Anthropogenically induced subsidence is an important process which has enhanced the natural subsidence phenomenon occurring in deltas and coastal lagoons. Anthropogenic subsidence has a variety of sources. In Venice, massive extractions of water from the ground occurred when the Marghera hub was constructed (1950–1970) ( Carbognin et al. 2005, Fig. 26). Besides its direct effect on the frequency of high waters, tidal flat deepening affects the height of wind waves and their resuspension capacity. As discussed above (Sect. 2.3), for moderate deepening, flat erosion is enhanced. As deepening increases, the wind induced stress on the flat bottom decreases and tends asymptotically to vanish. Similar, more intense, features have been observed in many coastal areas, most notably along the coast of Louisiana severely affected by the consequences of both coastal and offshore massive extraction of oil (Seminara et al. 2011).

Fig. 26
figure 26

Distinct contributions of sea level rise, natural subsidence and artificial subsidence to the variation of elevation of the Venetian soils during the XX century (after Carbognin et al. 2005)

5 Conclusions

Let us summarize our conclusions on the two main issues that motivated our research and are strongly connected to each other: the problem of morphological equilibrium of coastal lagoons and their fate in response to global warming.

Although benefiting from the availability of more powerful computational techniques and an improved quantitative description of the various roles that vegetation plays in marsh morphodynamics, research has not reached a generally agreed conclusion on the issue of marsh equilibrium, as the dichotomy mentioned in our introduction is still somewhat present even in the recent literature. On one hand, the efforts of various groups of researchers (see Kirwan et al. 2010 and Fig. 14) based on zero-order modeling provide a picture suggesting that marsh equilibrium is indeed possible, provided the rate of relative sea level rise does not exceed a threshold depending on the availability of minerogenic sediments, quantified through a somewhat loosely defined sediment concentration \(C_0\).
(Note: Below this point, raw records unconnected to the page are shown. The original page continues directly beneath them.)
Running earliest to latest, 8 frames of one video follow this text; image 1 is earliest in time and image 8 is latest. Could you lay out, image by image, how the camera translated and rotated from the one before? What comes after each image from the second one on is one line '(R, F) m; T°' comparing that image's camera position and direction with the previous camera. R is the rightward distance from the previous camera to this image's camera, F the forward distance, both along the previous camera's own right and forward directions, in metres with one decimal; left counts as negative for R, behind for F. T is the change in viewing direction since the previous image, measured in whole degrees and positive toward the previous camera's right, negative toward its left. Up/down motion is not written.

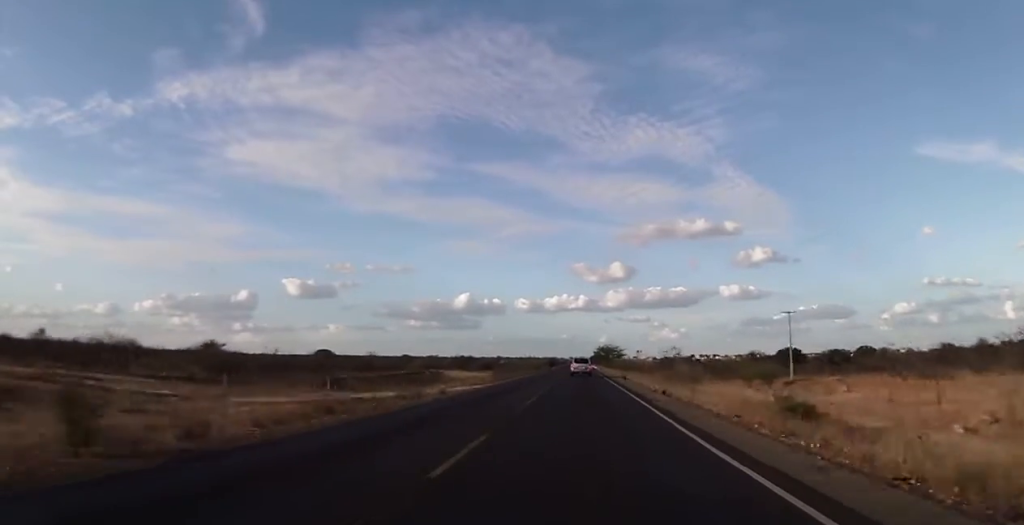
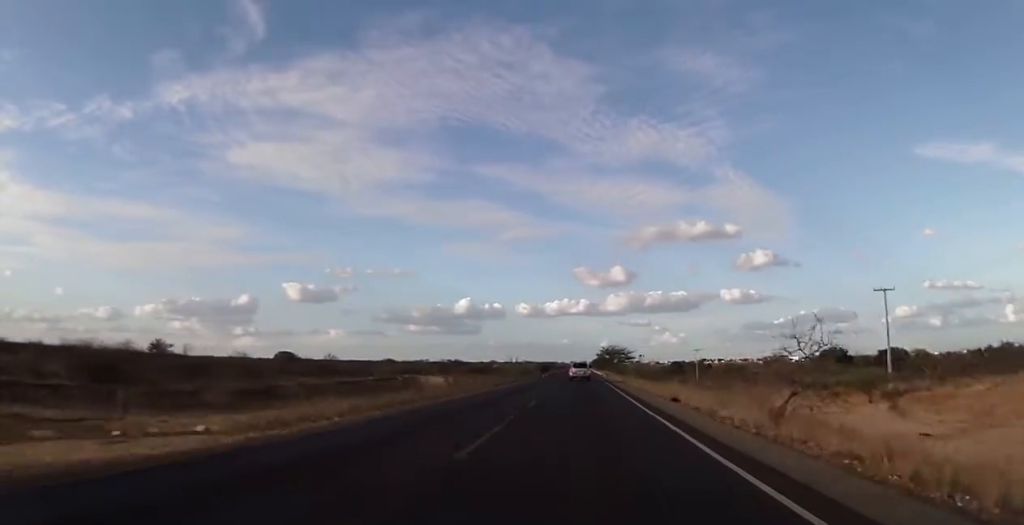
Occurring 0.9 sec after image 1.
(+0.1, +29.2) m; 0°
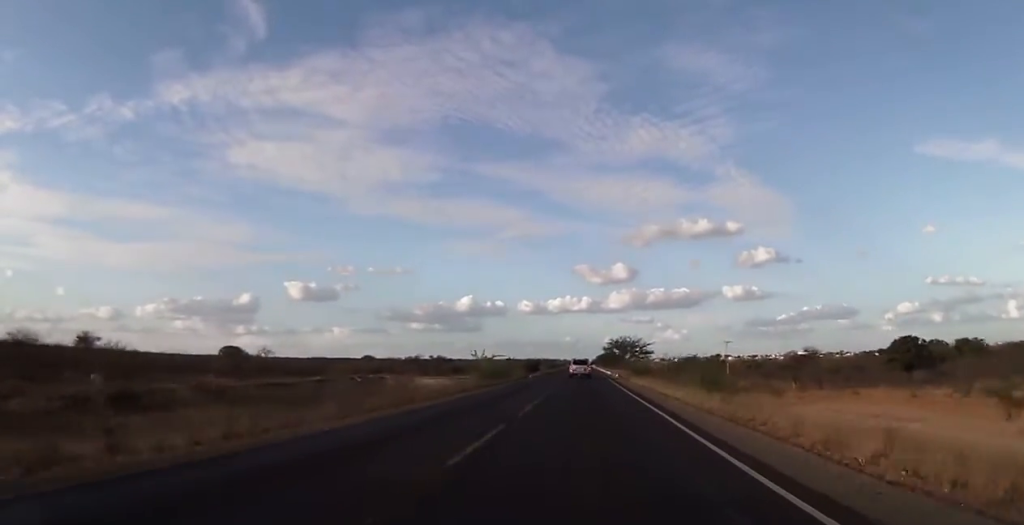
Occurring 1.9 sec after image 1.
(-0.1, +33.2) m; 0°
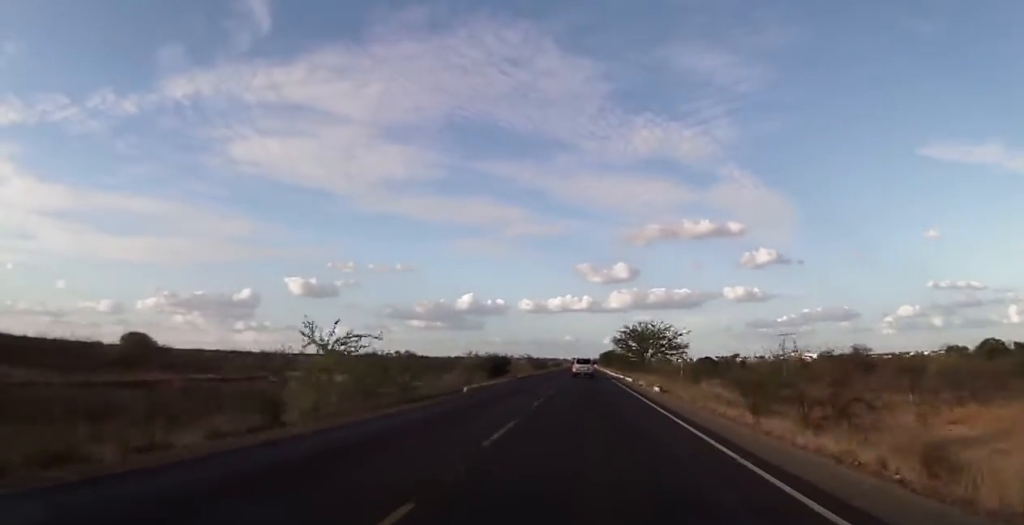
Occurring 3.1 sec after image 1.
(-0.1, +41.6) m; 0°
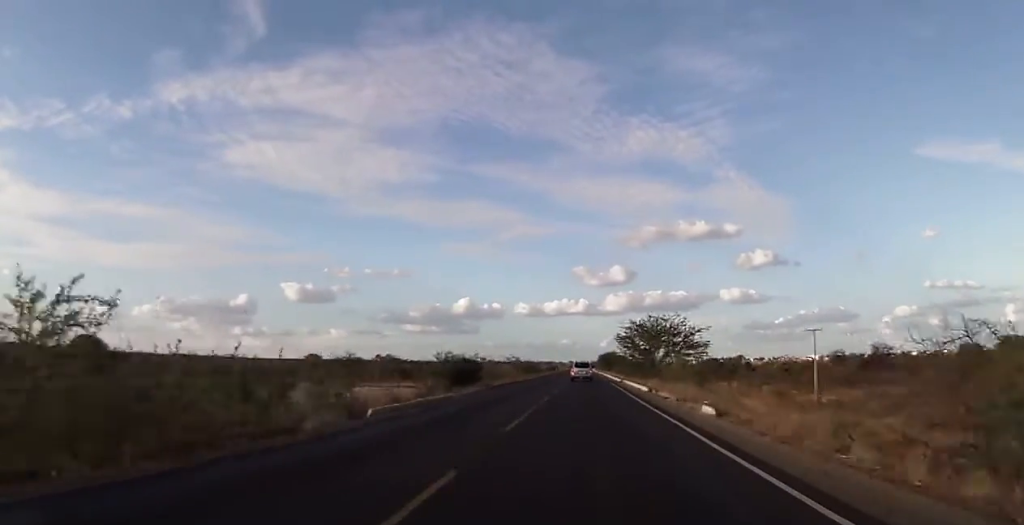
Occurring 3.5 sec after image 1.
(0.0, +14.8) m; 0°
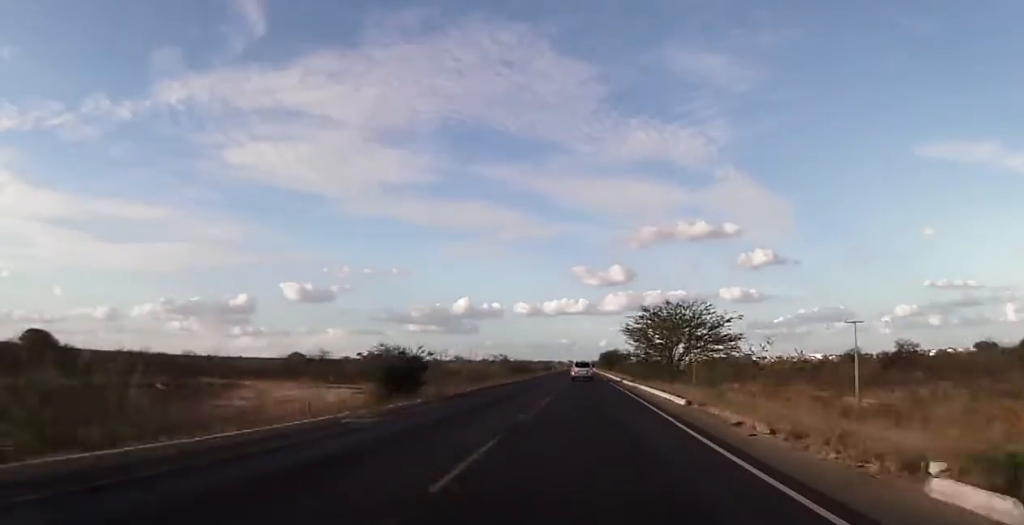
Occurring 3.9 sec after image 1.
(0.0, +13.6) m; 0°
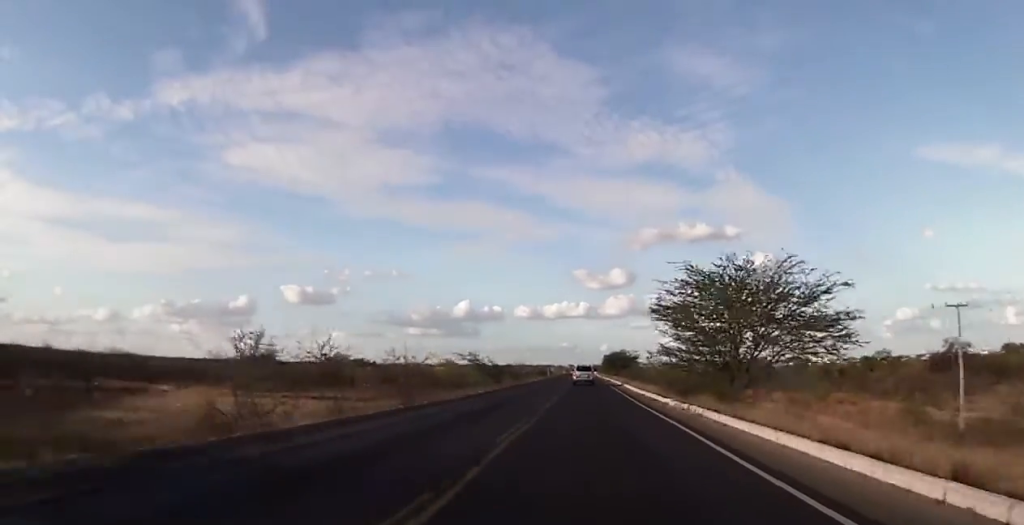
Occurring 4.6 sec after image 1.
(0.0, +21.6) m; 0°
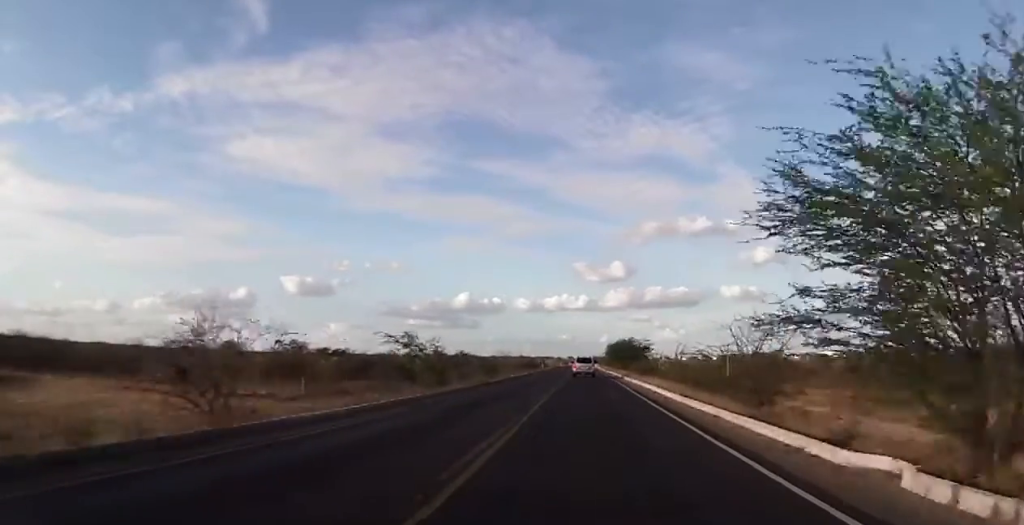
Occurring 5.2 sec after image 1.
(-0.1, +18.7) m; 0°

On the other hand, if the morphological interaction between adjacent morphological units is carefully analyzed (Tambroni and Seminara 2012), it turns out that the equilibrium states identified by Kirwan et al. (2010) correspond nearly invariably to marshes which either prograde or retreat, i.e., marshes which are not in equilibrium. This is our own viewpoint, supported recently also by the work of Mariotti and Fagherazzi (2010) and Fagherazzi (2013): coastal lagoons are complex environments which are hardly in equilibrium. The timescale of their morphodynamic evolution is, however, of the order of centuries, which makes these processes non easily perceived under ordinary conditions.
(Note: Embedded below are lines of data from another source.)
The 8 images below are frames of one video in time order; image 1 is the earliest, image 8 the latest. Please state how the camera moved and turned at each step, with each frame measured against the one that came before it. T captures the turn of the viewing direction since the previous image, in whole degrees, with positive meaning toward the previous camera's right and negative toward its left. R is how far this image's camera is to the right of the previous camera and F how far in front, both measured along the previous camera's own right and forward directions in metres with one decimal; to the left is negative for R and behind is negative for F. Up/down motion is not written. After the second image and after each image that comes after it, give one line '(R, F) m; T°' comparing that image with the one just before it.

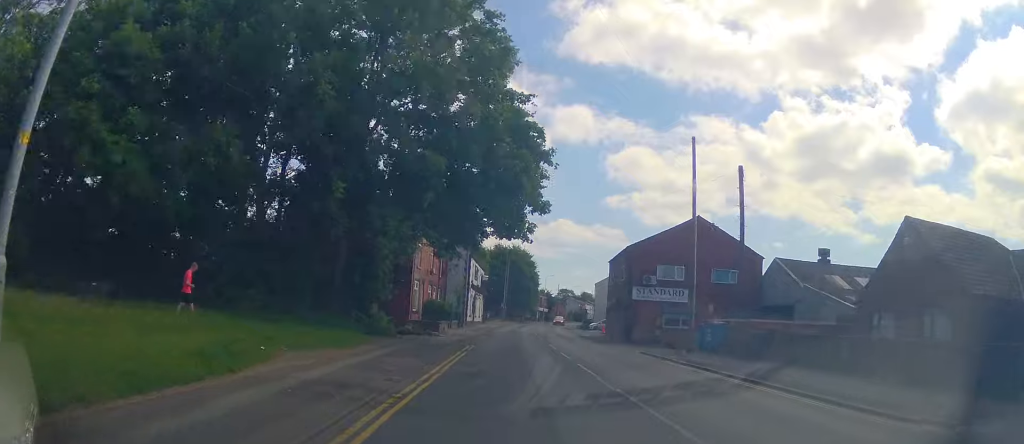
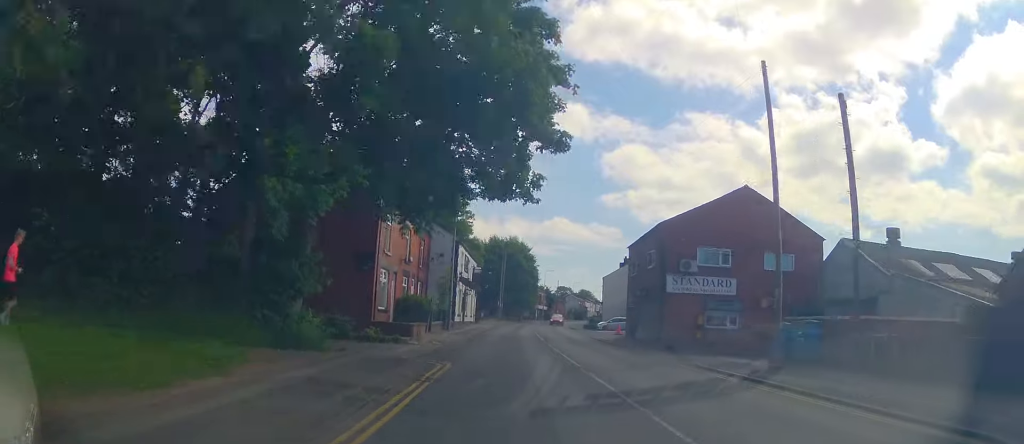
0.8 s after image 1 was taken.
(-0.2, +8.2) m; +1°
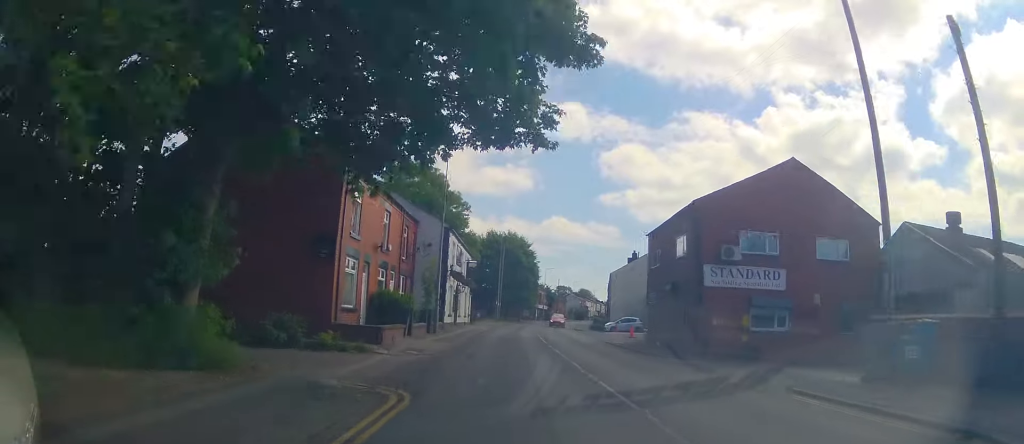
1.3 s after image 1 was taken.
(+0.5, +5.3) m; 0°
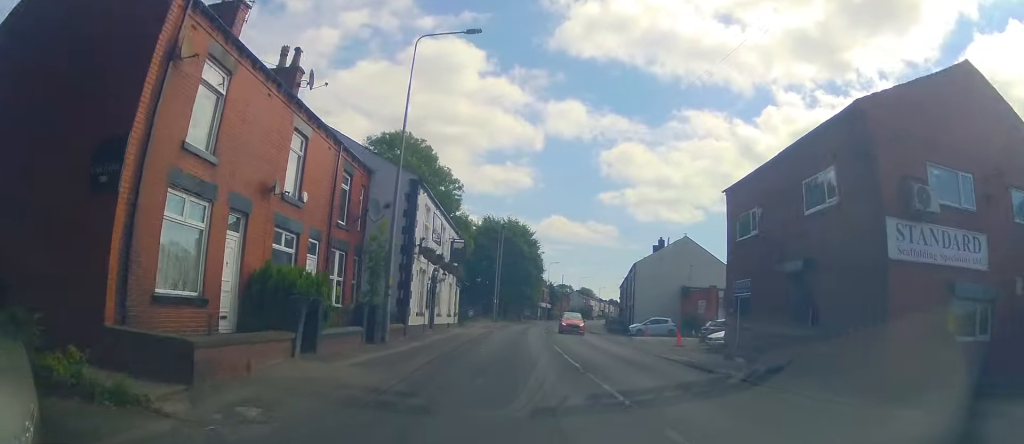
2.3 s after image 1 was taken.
(-0.4, +11.2) m; -2°
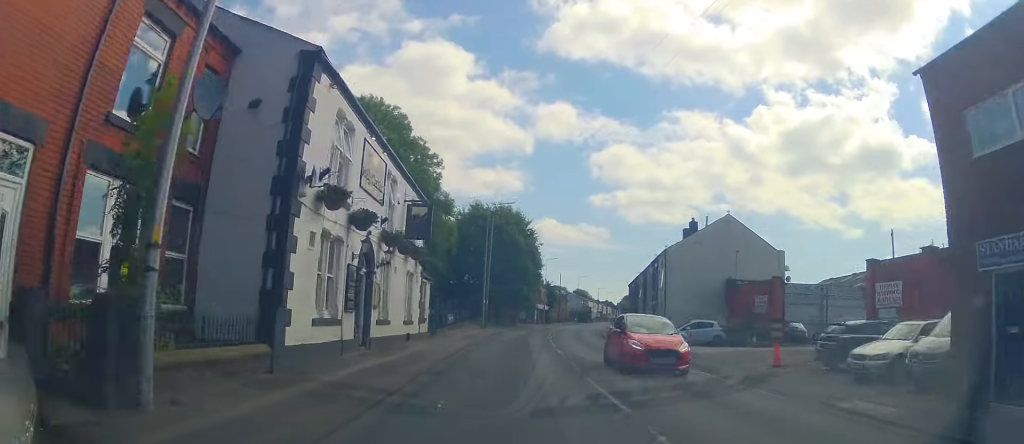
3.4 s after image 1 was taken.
(+0.2, +10.8) m; +5°
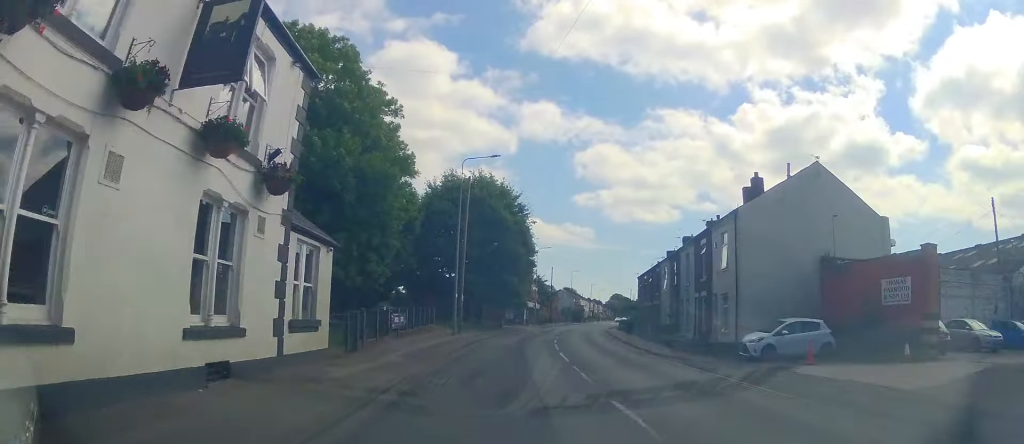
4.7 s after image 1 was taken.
(+0.7, +12.6) m; +2°
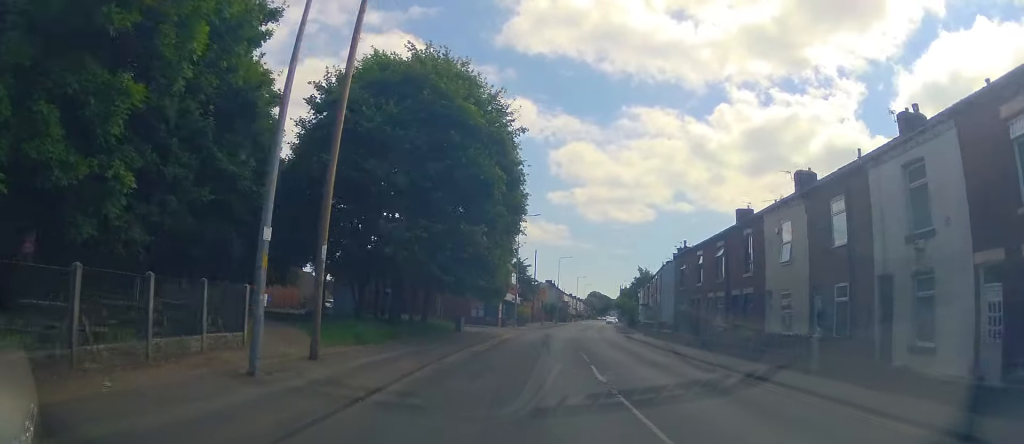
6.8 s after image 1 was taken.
(+0.1, +21.4) m; +5°
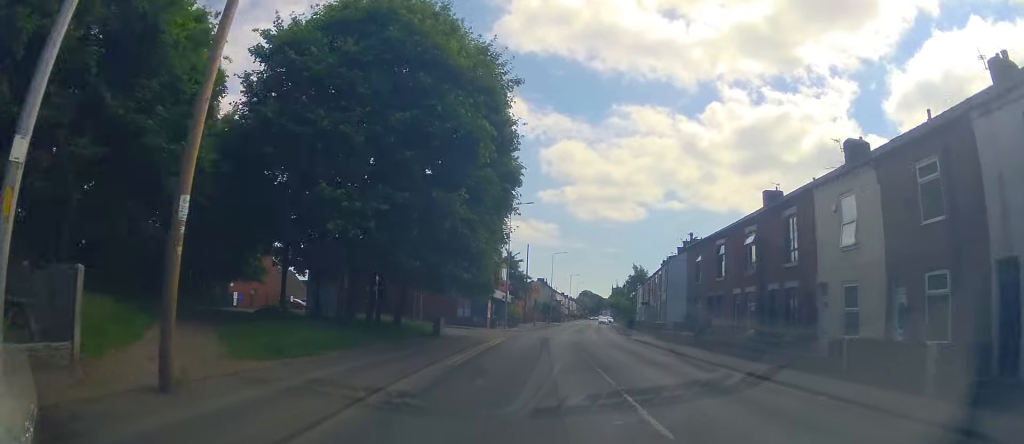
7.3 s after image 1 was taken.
(+0.1, +4.9) m; +3°

In this respect, the case of the Venice Lagoon is paradigmatic. Indeed, in spite of river diversions and of the consequent drastic reduction of the amount of sediments supplied to Venice Lagoon, the process of marsh degradation has proceeded slowly for centuries. However, Fig. 1 suggests that the acceleration of marsh degradation observed in the last few decades will likely proceed and possibly be enhanced as a result of an accelerated sea level rise. Under these conditions, the effort required to counteract the clear tendency of Venice Lagoon to evolve towards a bay, will soon become prohibitive. The costly measures undertaken so far, most notably the artificial replenishment of salt marshes, or the suggestion that existing halophytic vegetation might be replaced by more productive species such that organic production may allow wetlands to keep up with sea level rise, will have to be thoroughly revisited. The fate of Venice marshes is strictly tied to the future characteristics that the city of Venice will be forced to attain. But this is another story that will deserve special attention in the future.